I consider that to be an irresponsible statement because if we do not make technological changes in our factories we will not be employing anybody in our factories. It is stupid and unthinking statements like this which cause a lot of confusion in the minds of the people.

In this small country of ours, there are approximately 100 trade unions and it is an accepted fact that responsible trade union leaders would like to see this number reduced. One of the things which we hope to achieve in this Trade Union Bill is to encourage unions to merge. One of the steps which we have taken to encourage the amalgamation of the smaller unions is to provide financial assistance to meet any unusual expenses. Recently, I spoke to a trade unionist in this country and I asked him for his views on trade unions. I told him that a number of people had so far in this debate referred to foreign-based unions here; he was a member of a foreign-based union and when I asked him why he was not in an Irish union he asked me if I was mad. He said that the Irish trade unions were in such a state of shambles that one would need to be mad to join them. This is an unfortunate thing to say. If anything, we have tried in this Bill to get unions to come together.

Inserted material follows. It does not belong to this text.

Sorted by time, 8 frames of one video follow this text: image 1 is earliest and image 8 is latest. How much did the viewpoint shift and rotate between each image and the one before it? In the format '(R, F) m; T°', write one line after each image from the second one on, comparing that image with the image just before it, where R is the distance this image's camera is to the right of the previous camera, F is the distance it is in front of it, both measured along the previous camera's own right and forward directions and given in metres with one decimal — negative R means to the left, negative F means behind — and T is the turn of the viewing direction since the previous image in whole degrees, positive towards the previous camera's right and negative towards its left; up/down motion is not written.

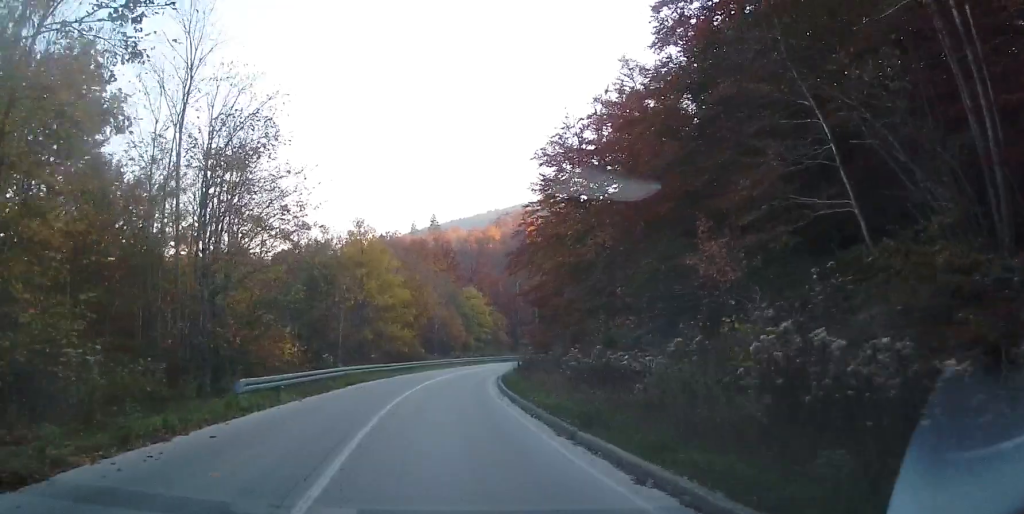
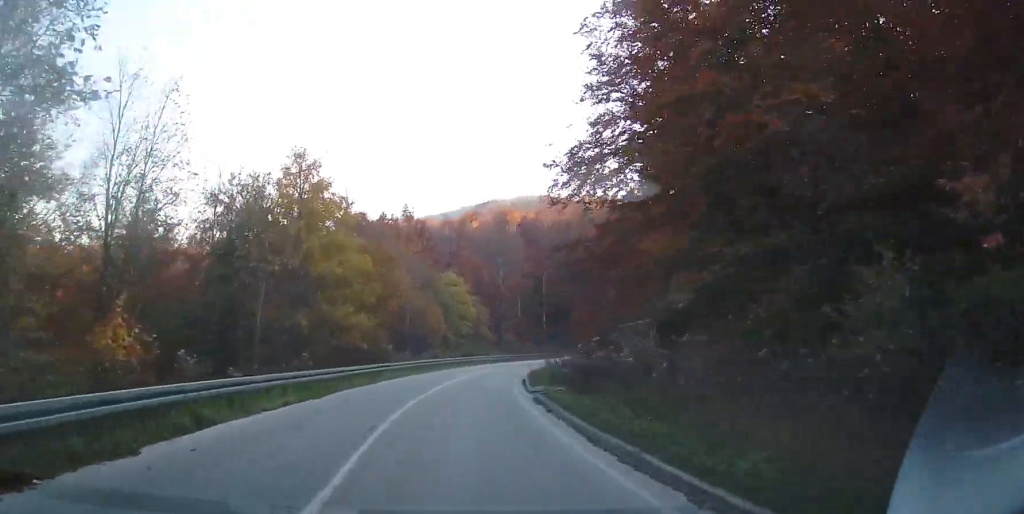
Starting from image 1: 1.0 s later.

In my view, it is an impossible situation when employers have to discuss new arrangements with 20 or more different unions in the one job and very often, as we can see in the present strike, people who have no voice in their union are out of work through the actions of a few people. People in this country want to get back to work but they are being prevented from doing so by a minority of people.

The Industrial Relations Bill, as we know, is providing for an expansion of the Labour Court and this is an excellent idea. The trade unions belong to the workers and the position should not be vice versa. It is sometimes the case that the workers are the property of the trade unions and God help anybody who tries to change that position or to intervene in it. It is about time that the average trade unionist thought of looking more closely at what is going on within his union.

Within the past couple of years I remember the Minister for Labour saying that the number of people in any trade union who actually came along to trade union meetings would average about three per cent of the workers. That is a sad situation and the kind of trouble which we have today is a result of the workers not taking a more active line and of not getting to know what the policy of their union is. Something which no one has mentioned is that a strike means a failure. A strike should only be used as a last resort but instead of that, we have strikes first and negotiations afterwards. The seriousness of the present trouble has not yet sunk in with those people who are on strike but later, perhaps, when the result of all this strife is assessed, a very poor light indeed will be shown.

We have here at present just one strike after another. Each time a settlement is reached, a claim comes from another group of workers and if the claim is resisted, a close-down occurs again and so it goes on in a never ending series of strikes. During the past few years and while this legislation was being drafted, I have been reading the Minister's speeches and I have kept many of them. I have seen the efforts he made to bring about the amalgamation of unions; he has made efforts to get unions to come forward with suggestions as to how he might help them provide better machinery for settling disputes.

In a speech which the Minister made to the workers on the 3rd January of this year, he said:

You will, I trust, not take it amiss if I suggest that loyalty by the members to the idea of trade unions should be always supported by attention to the affairs of the union.

This is what I should like to see happen more and more—that members of the trade unions would pay more attention to what is going on at executive level. I wish to pay tribute to the courageous Jim Dunne.

Debate adjourned.
The Dáil adjourned at 10.30 p.m. until 10.30 a.m. on Thursday, 27th February, 1969.